Stored data entries
========================================
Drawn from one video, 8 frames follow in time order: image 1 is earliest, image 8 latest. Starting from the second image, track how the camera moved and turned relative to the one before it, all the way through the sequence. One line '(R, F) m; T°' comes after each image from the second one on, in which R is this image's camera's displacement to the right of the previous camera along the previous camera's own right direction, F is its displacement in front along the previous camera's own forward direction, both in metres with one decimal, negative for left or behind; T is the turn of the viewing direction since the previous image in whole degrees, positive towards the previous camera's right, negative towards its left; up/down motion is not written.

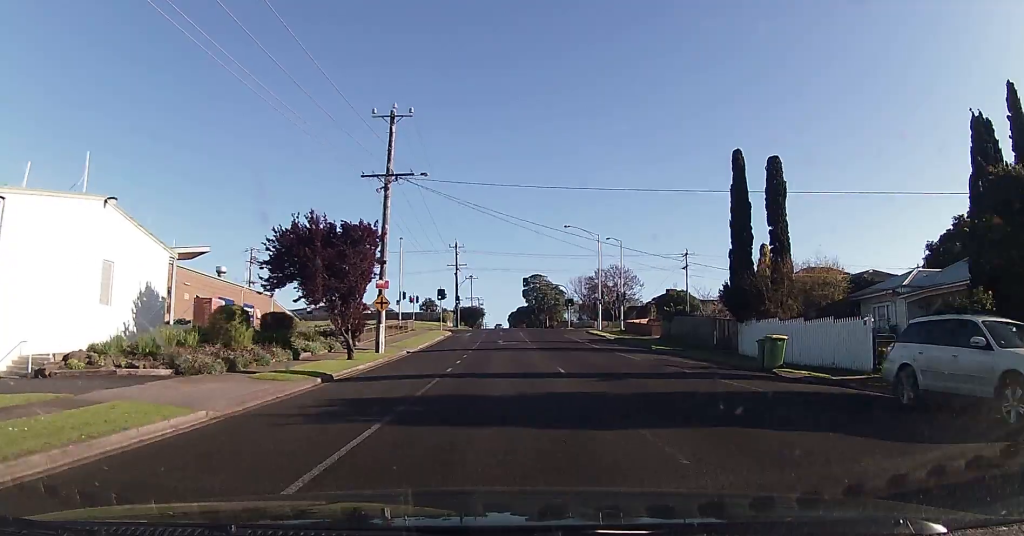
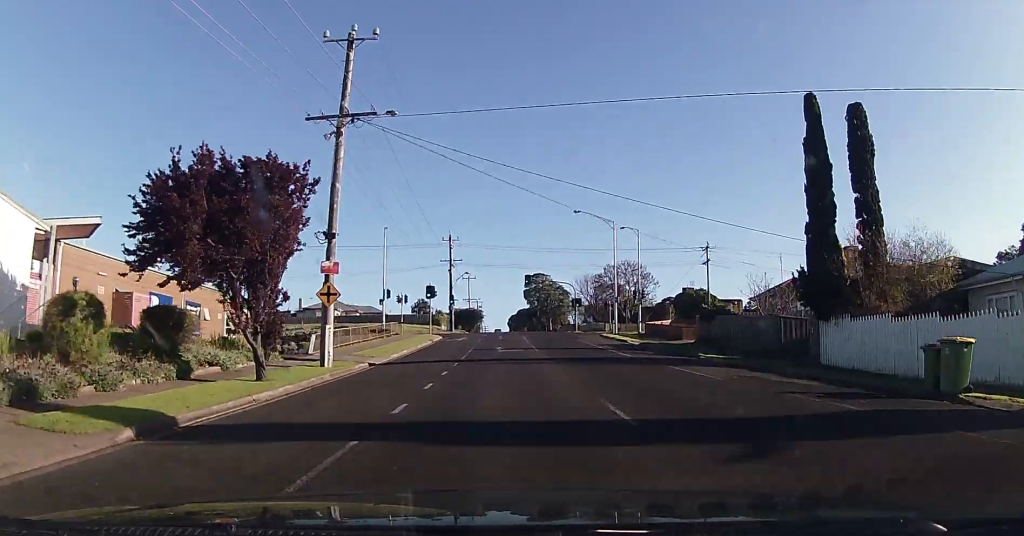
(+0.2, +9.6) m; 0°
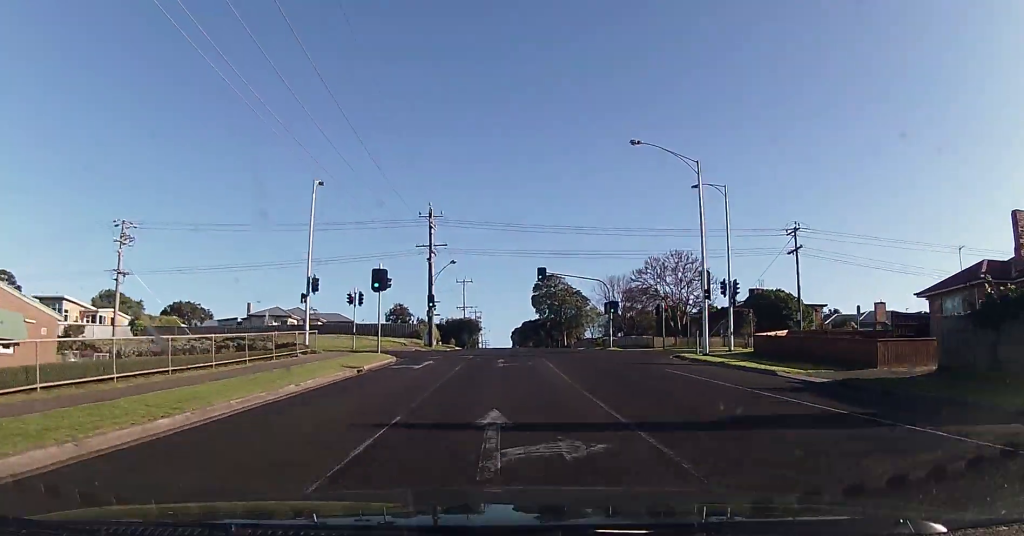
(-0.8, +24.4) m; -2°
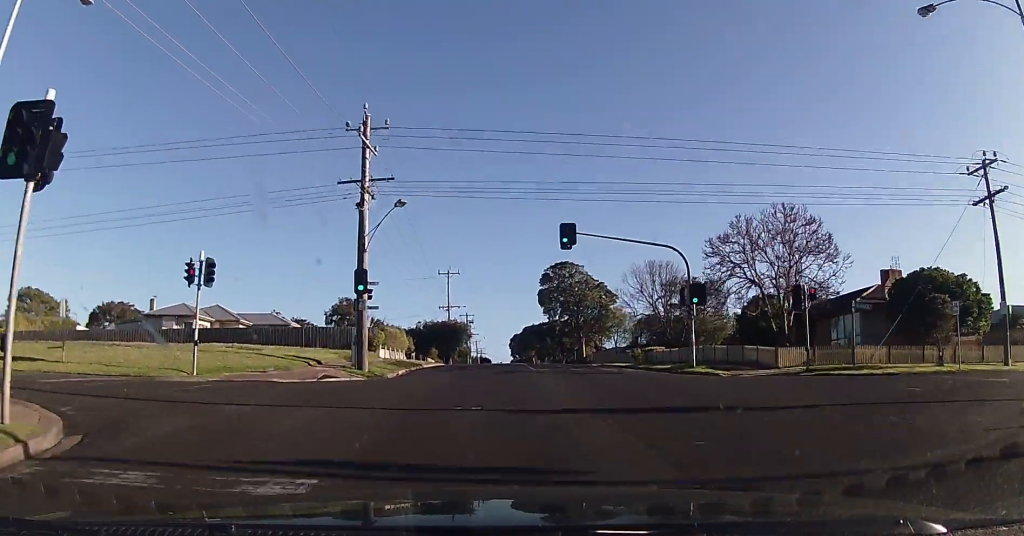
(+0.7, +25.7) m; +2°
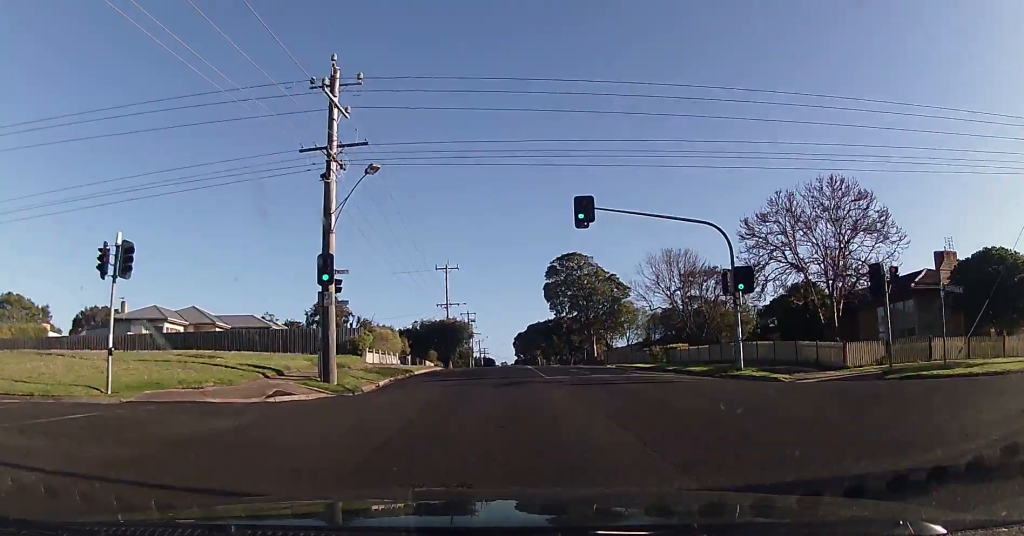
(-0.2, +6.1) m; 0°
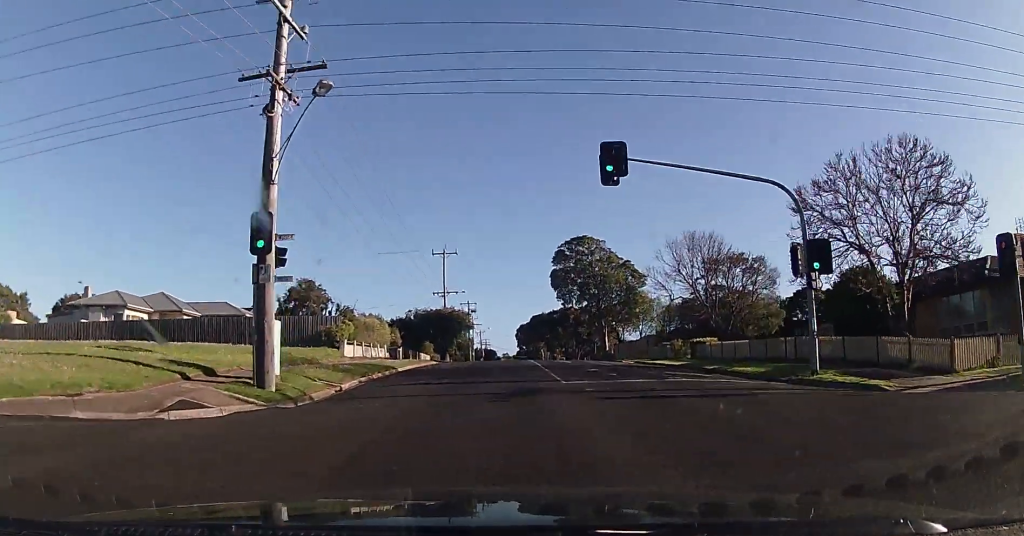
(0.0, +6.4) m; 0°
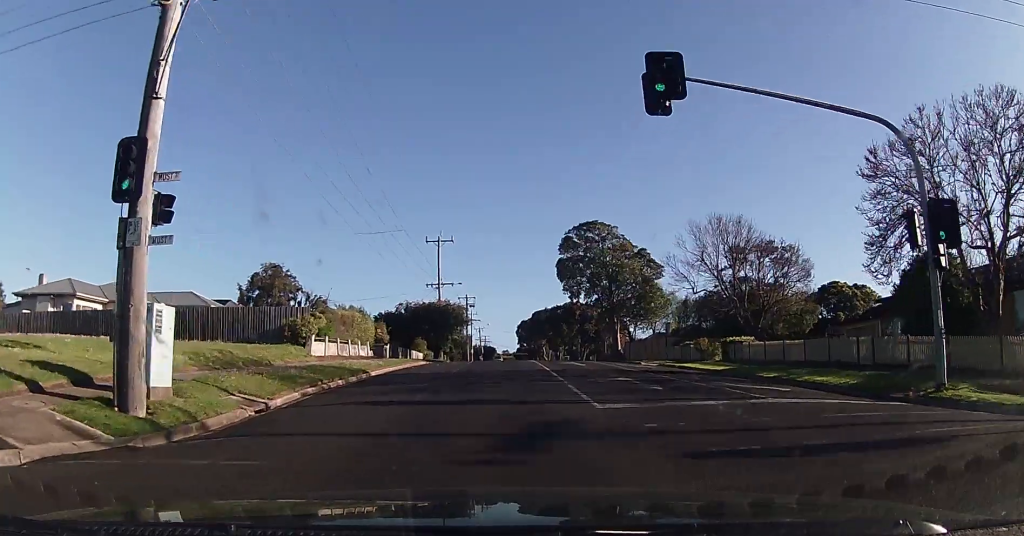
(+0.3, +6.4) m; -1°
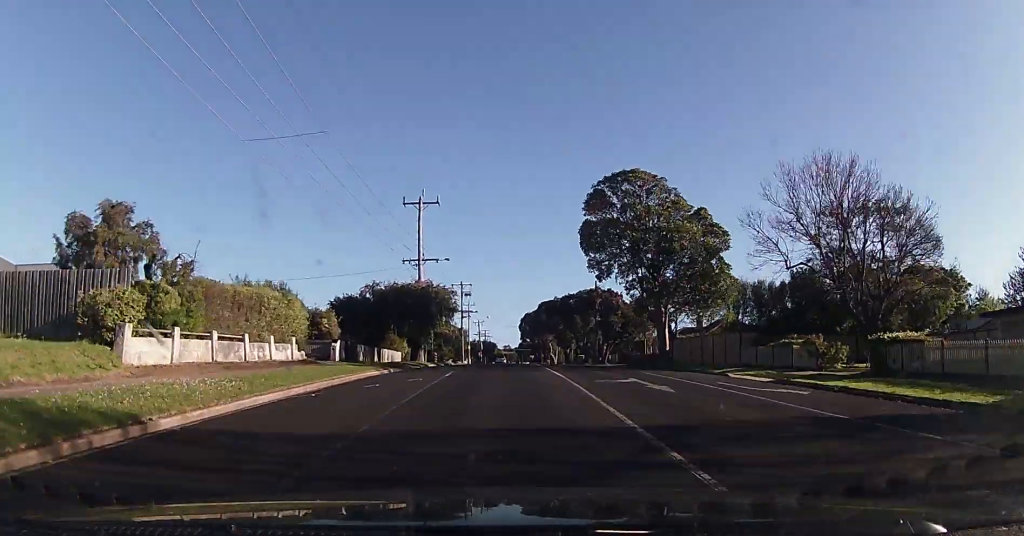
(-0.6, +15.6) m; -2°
========================================
◆ **TASK DESCRIPTION**
Every line of the data should be transcribed exactly. Omit the images.

◆ **RESULT FOR THIS EXERCISE**
Drawn from one video, 8 frames follow in time order: image 1 is earliest, image 8 latest. Starting from the second image, track how the camera moved and turned relative to the one before it, all the way through the sequence. One line '(R, F) m; T°' comes after each image from the second one on, in which R is this image's camera's displacement to the right of the previous camera along the previous camera's own right direction, F is its displacement in front along the previous camera's own forward direction, both in metres with one decimal, negative for left or behind; T is the turn of the viewing direction since the previous image in whole degrees, positive towards the previous camera's right, negative towards its left; up/down motion is not written.

(+0.2, +9.6) m; 0°
(-0.8, +24.4) m; -2°
(+0.7, +25.7) m; +2°
(-0.2, +6.1) m; 0°
(0.0, +6.4) m; 0°
(+0.3, +6.4) m; -1°
(-0.6, +15.6) m; -2°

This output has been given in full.